The facts are undisputed, and we will summarize them in this opinion. Extensive portions of the journal entry of judgment are set out in the Court of Appeals opinion, 7 Kan. App. 2d at 111-13.

[382]*382On July 15, 1976, Dr. and Mrs. Kernie W. Binyon went to Dahlinger Pontiac-Cadillac, Inc. (Dahlinger) in Wichita to buy or lease an automobile. Discussions with Dahlinger employees resulted in a decision to lease. A lease agreement for a 1976 Cadillac was reached some time after 5:00 p.m. The specific provisions of the lease agreement are not relevant to this appeal; it was basically a lease for two years with monthly rental payments and one balloon payment at the expiration of the lease should the Binyons decide to purchase the Cadillac. Personal property taxes and license tags were to be paid by the dealership. Because of the late hour, the Binyons signed a blank printed lease form with the understanding it would be completed in accordance with the terms agreed upon.

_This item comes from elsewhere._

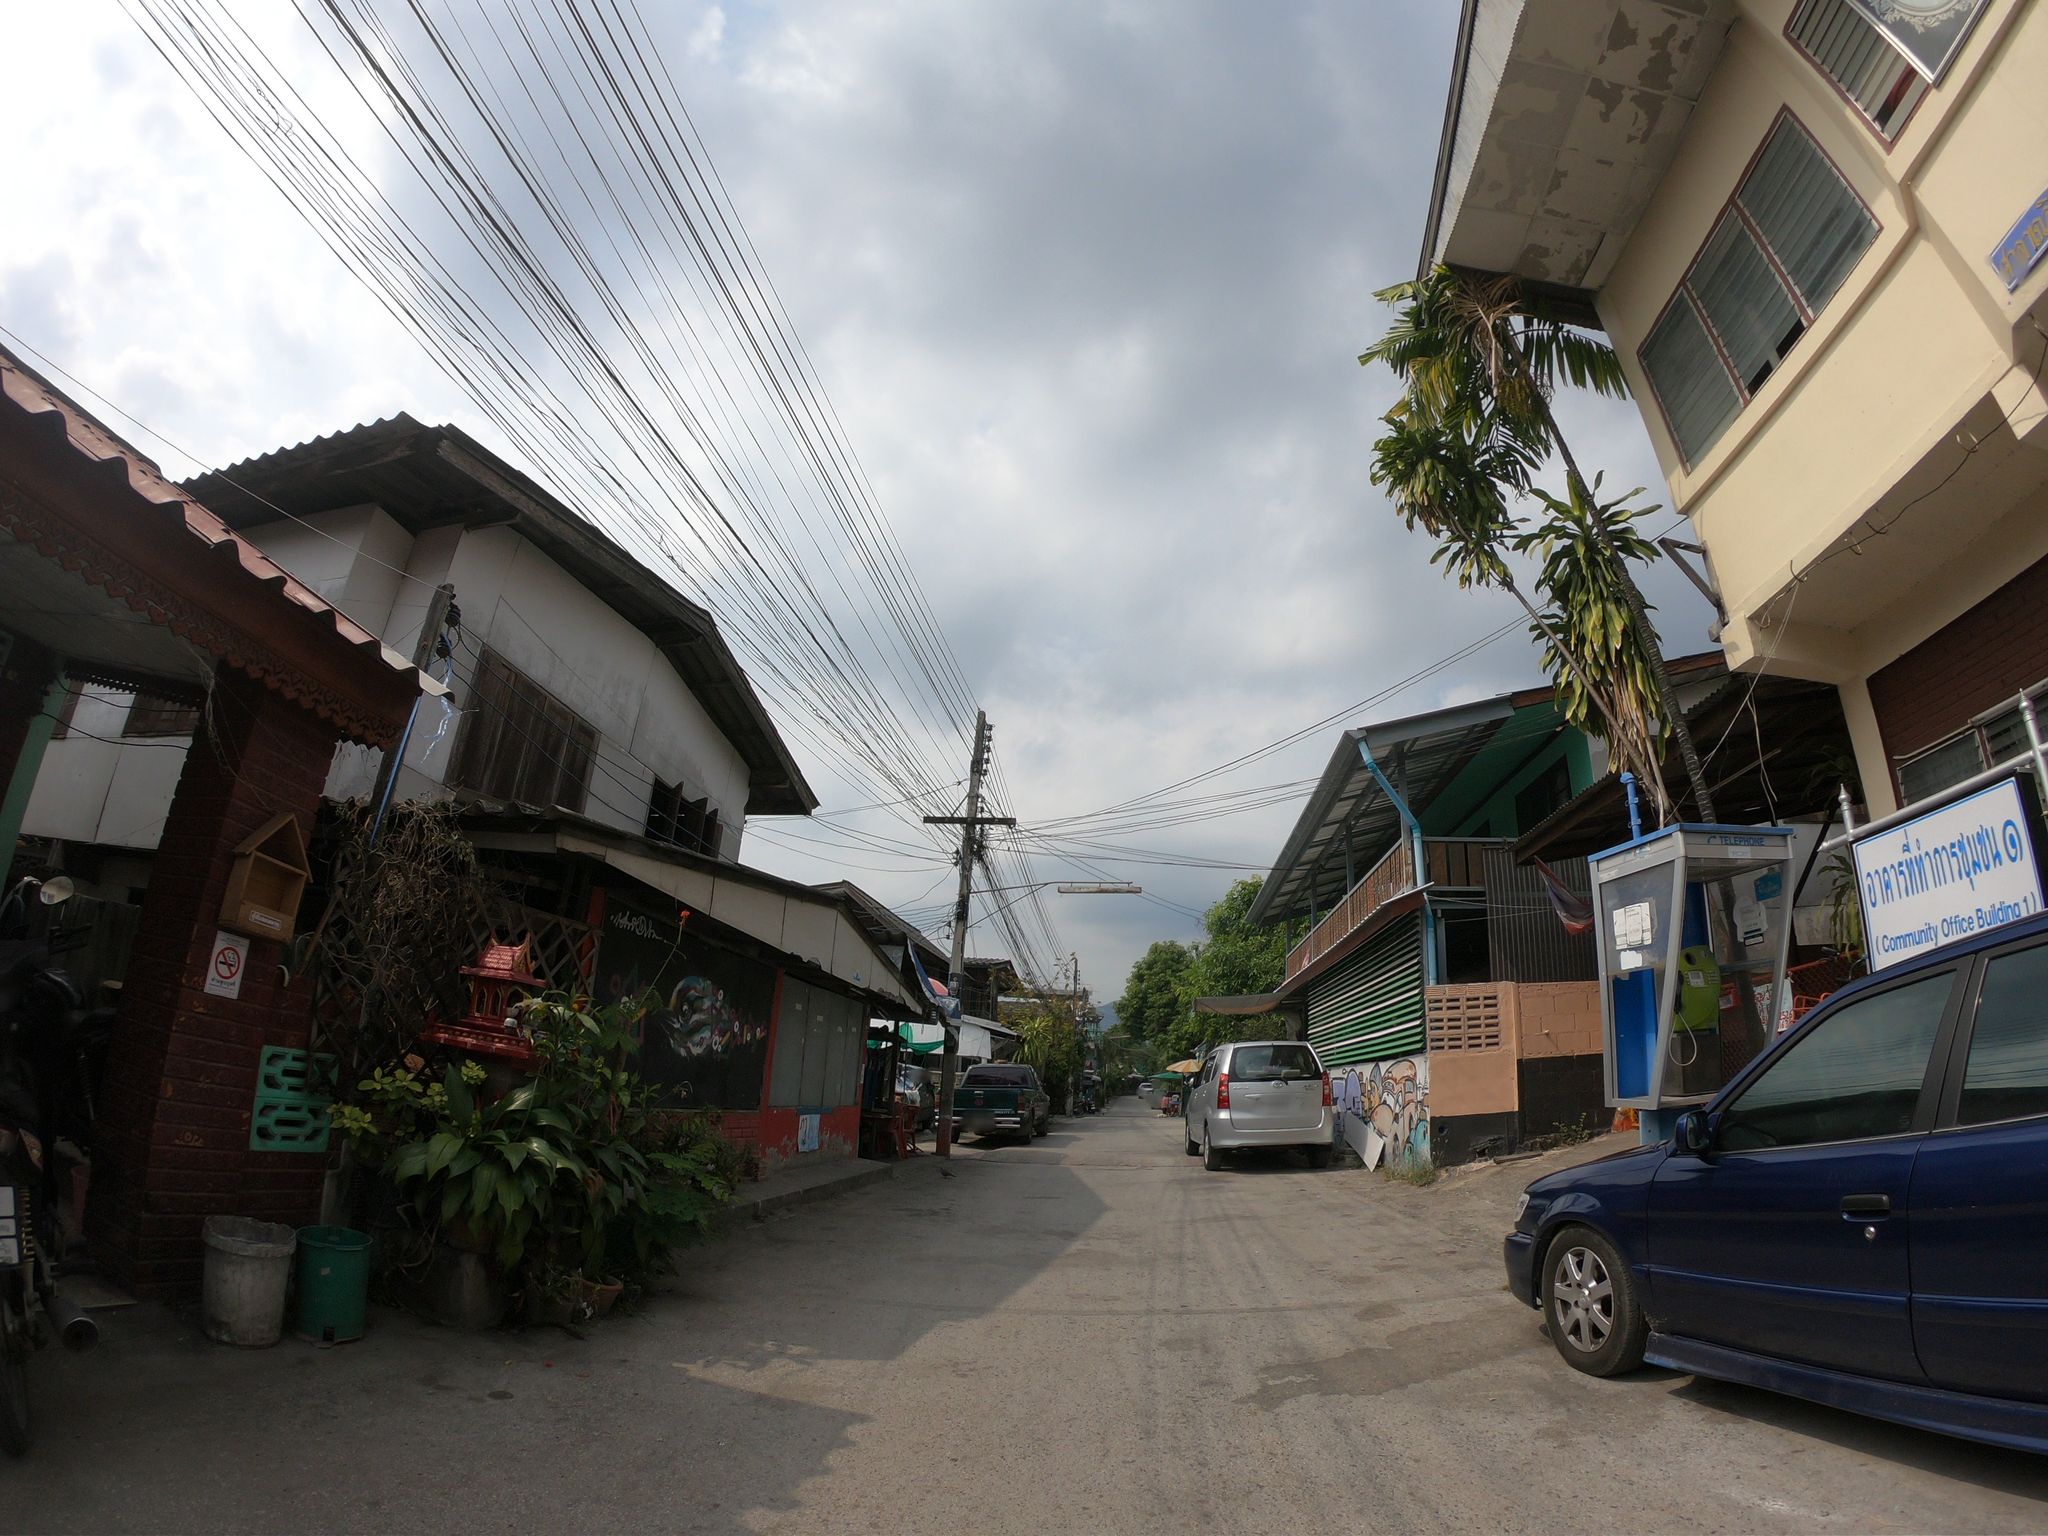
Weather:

The Binyons timely made all monthly rental payments, but they were deprived of use of the automobile for a period of time due to a dispute with Dahlinger over payment of the personal property taxes and license tag fees. Nesseth apparently decided the lease as entered provided an insufficient margin of profit for the dealership. Although the lease retained by Dahlinger in its files provided Dahlinger was to pay personal property taxes and furnish license tags, Nesseth caused to be furnished to the Binyons a lease which provided the contrary. This lease and assignment of the monthly payments due under it to General Motors Acceptance Corporation (G.M.A.C.) led to a tangle of circumstances resulting in the Binyons’ suit against Nesseth, Dahlinger, G.M.A.C., and the Kansas Department of Revenue. Only the proceedings relative to Nesseth are pertinent to this appeal.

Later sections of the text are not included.